## Try it
Give back each line of the data exactly as it reads, minus the pictures.

## Exercise inputs
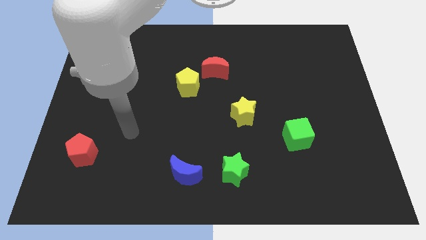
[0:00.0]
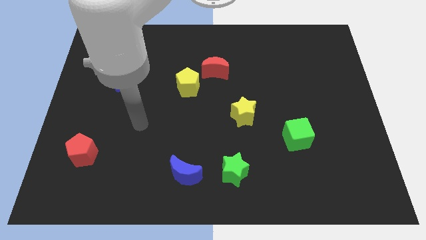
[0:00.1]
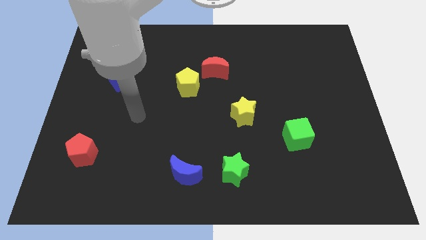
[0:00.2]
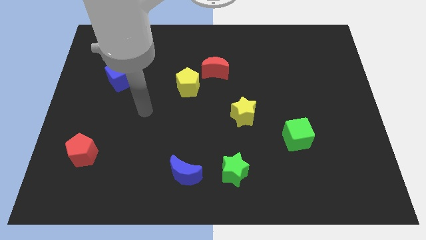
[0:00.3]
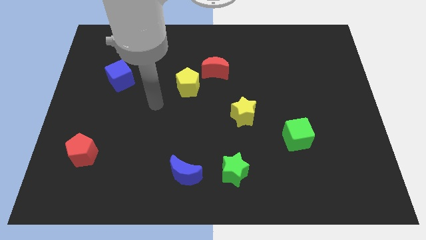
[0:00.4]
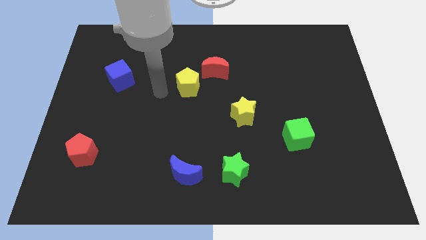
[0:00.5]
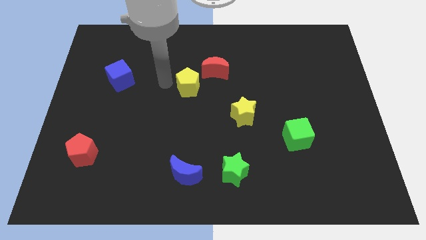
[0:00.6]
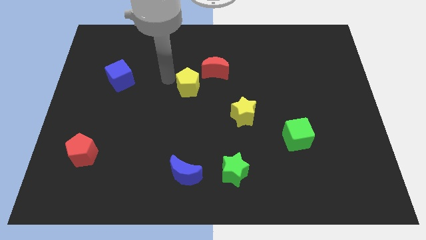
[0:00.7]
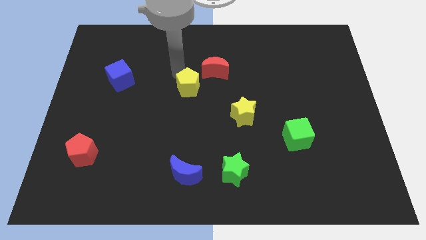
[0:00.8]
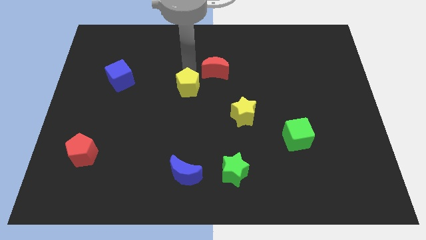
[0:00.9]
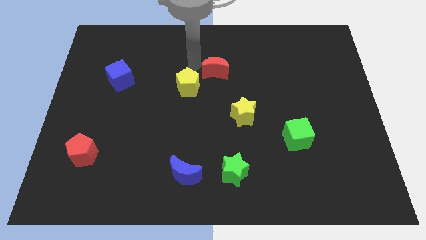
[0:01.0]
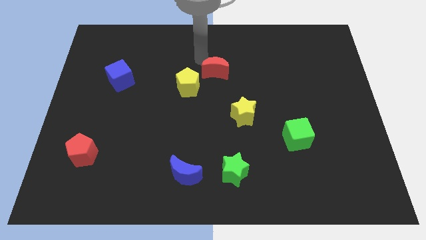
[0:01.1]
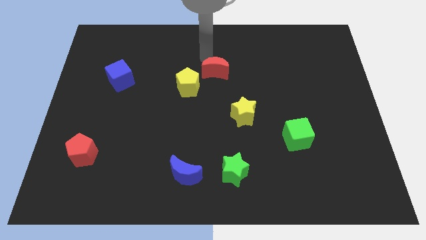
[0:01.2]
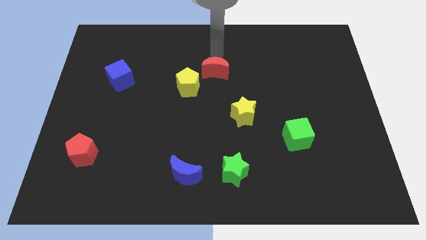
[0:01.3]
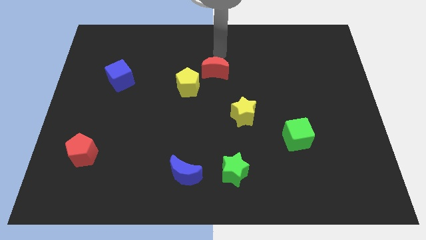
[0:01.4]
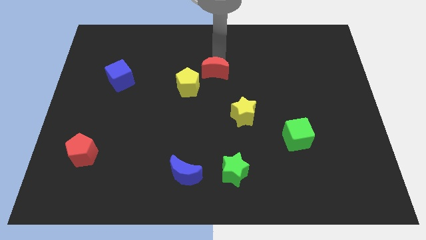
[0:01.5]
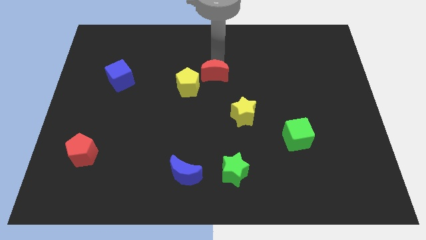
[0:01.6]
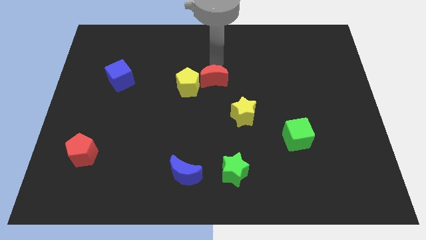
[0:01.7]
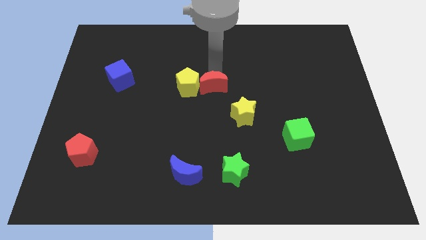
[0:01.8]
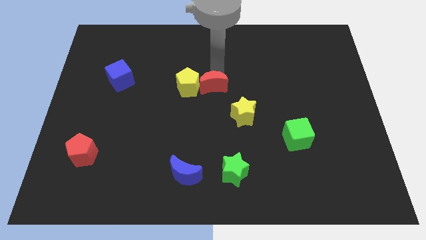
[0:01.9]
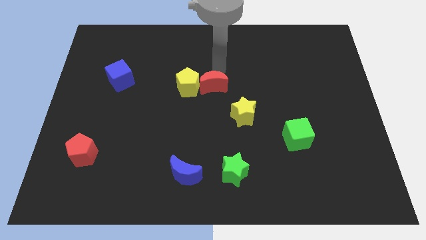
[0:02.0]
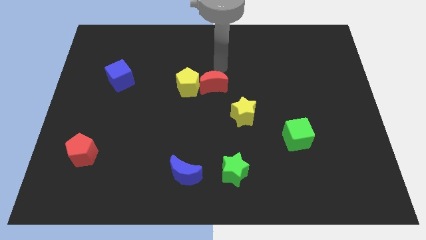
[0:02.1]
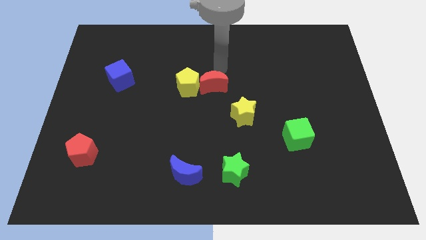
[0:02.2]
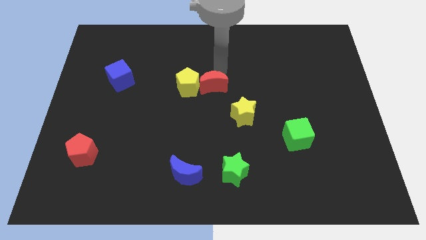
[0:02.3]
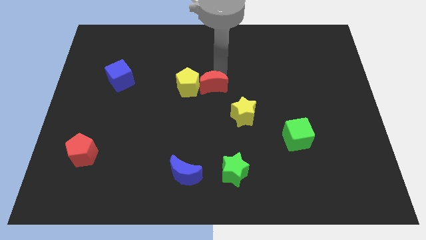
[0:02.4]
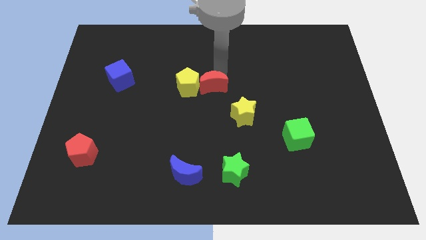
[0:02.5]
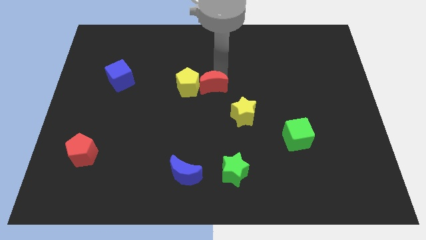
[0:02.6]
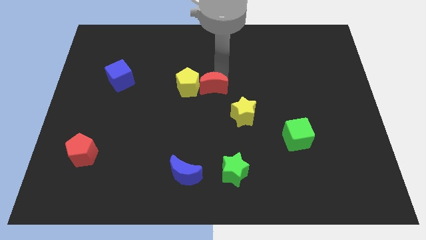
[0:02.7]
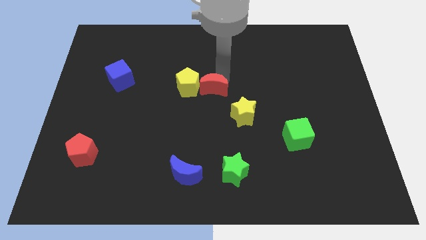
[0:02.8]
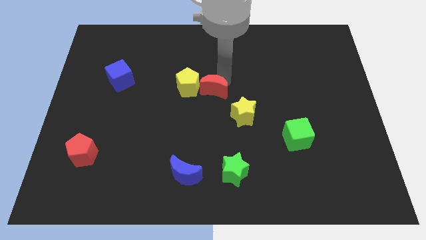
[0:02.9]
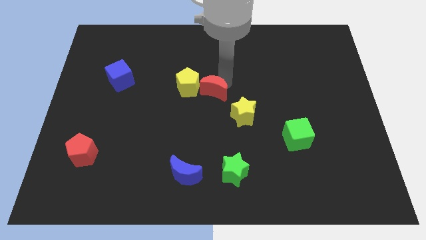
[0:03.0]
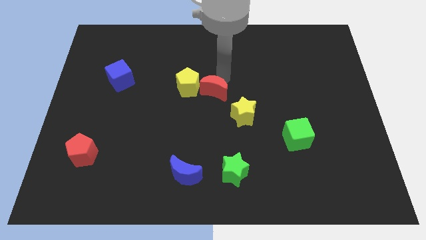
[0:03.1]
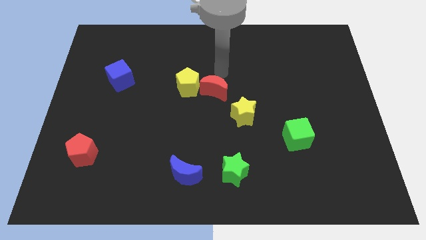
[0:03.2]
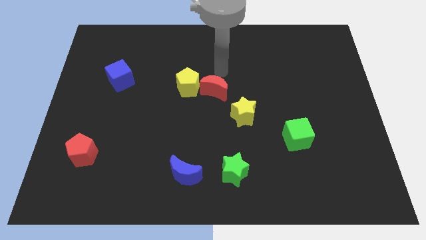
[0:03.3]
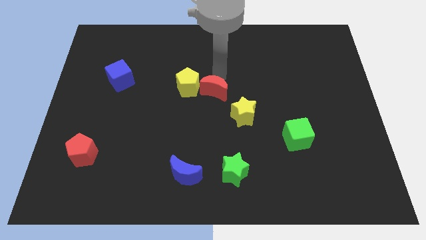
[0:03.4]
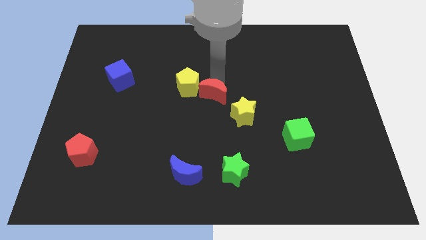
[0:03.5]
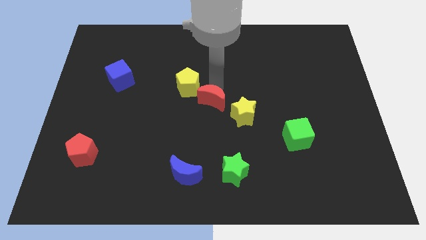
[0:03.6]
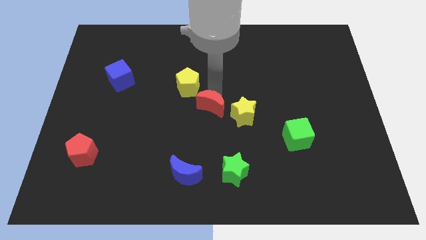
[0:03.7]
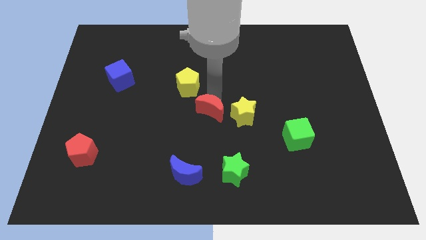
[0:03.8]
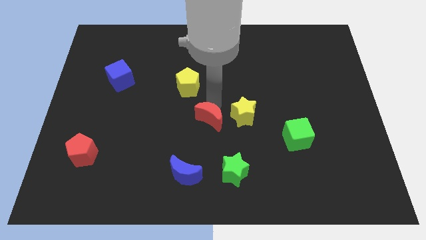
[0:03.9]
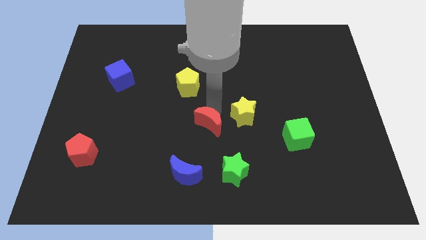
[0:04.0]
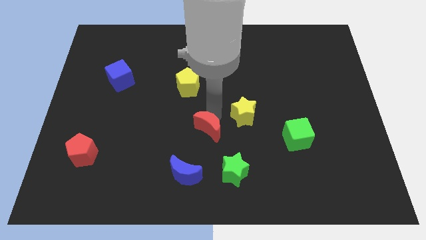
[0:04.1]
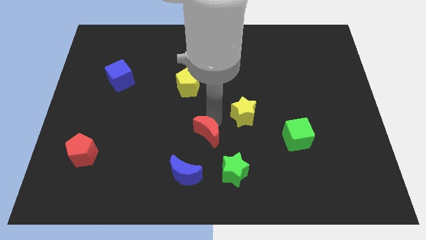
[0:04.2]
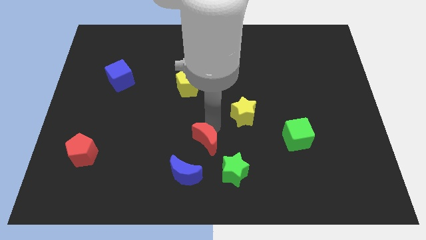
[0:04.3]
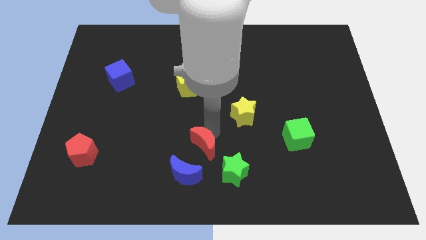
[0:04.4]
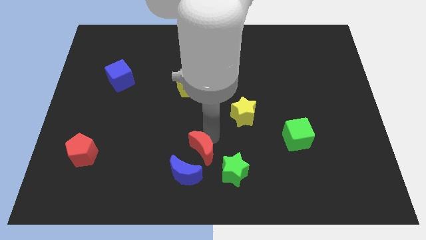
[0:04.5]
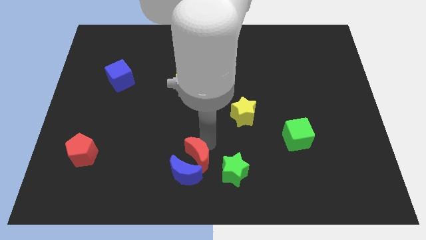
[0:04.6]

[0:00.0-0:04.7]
move the red moon to the blue moon

## Your solution
[0:00.0]
[0:00.1]
[0:00.2]
[0:00.3]
[0:00.4]
[0:00.5]
[0:00.6]
[0:00.7]
[0:00.8]
[0:00.9]
[0:01.0]
[0:01.1]
[0:01.2]
[0:01.3]
[0:01.4]
[0:01.5]
[0:01.6]
[0:01.7]
[0:01.8]
[0:01.9]
[0:02.0]
[0:02.1]
[0:02.2]
[0:02.3]
[0:02.4]
[0:02.5]
[0:02.6]
[0:02.7]
[0:02.8]
[0:02.9]
[0:03.0]
[0:03.1]
[0:03.2]
[0:03.3]
[0:03.4]
[0:03.5]
[0:03.6]
[0:03.7]
[0:03.8]
[0:03.9]
[0:04.0]
[0:04.1]
[0:04.2]
[0:04.3]
[0:04.4]
[0:04.5]
[0:04.6]

[0:00.0-0:04.7]
move the red moon to the blue moon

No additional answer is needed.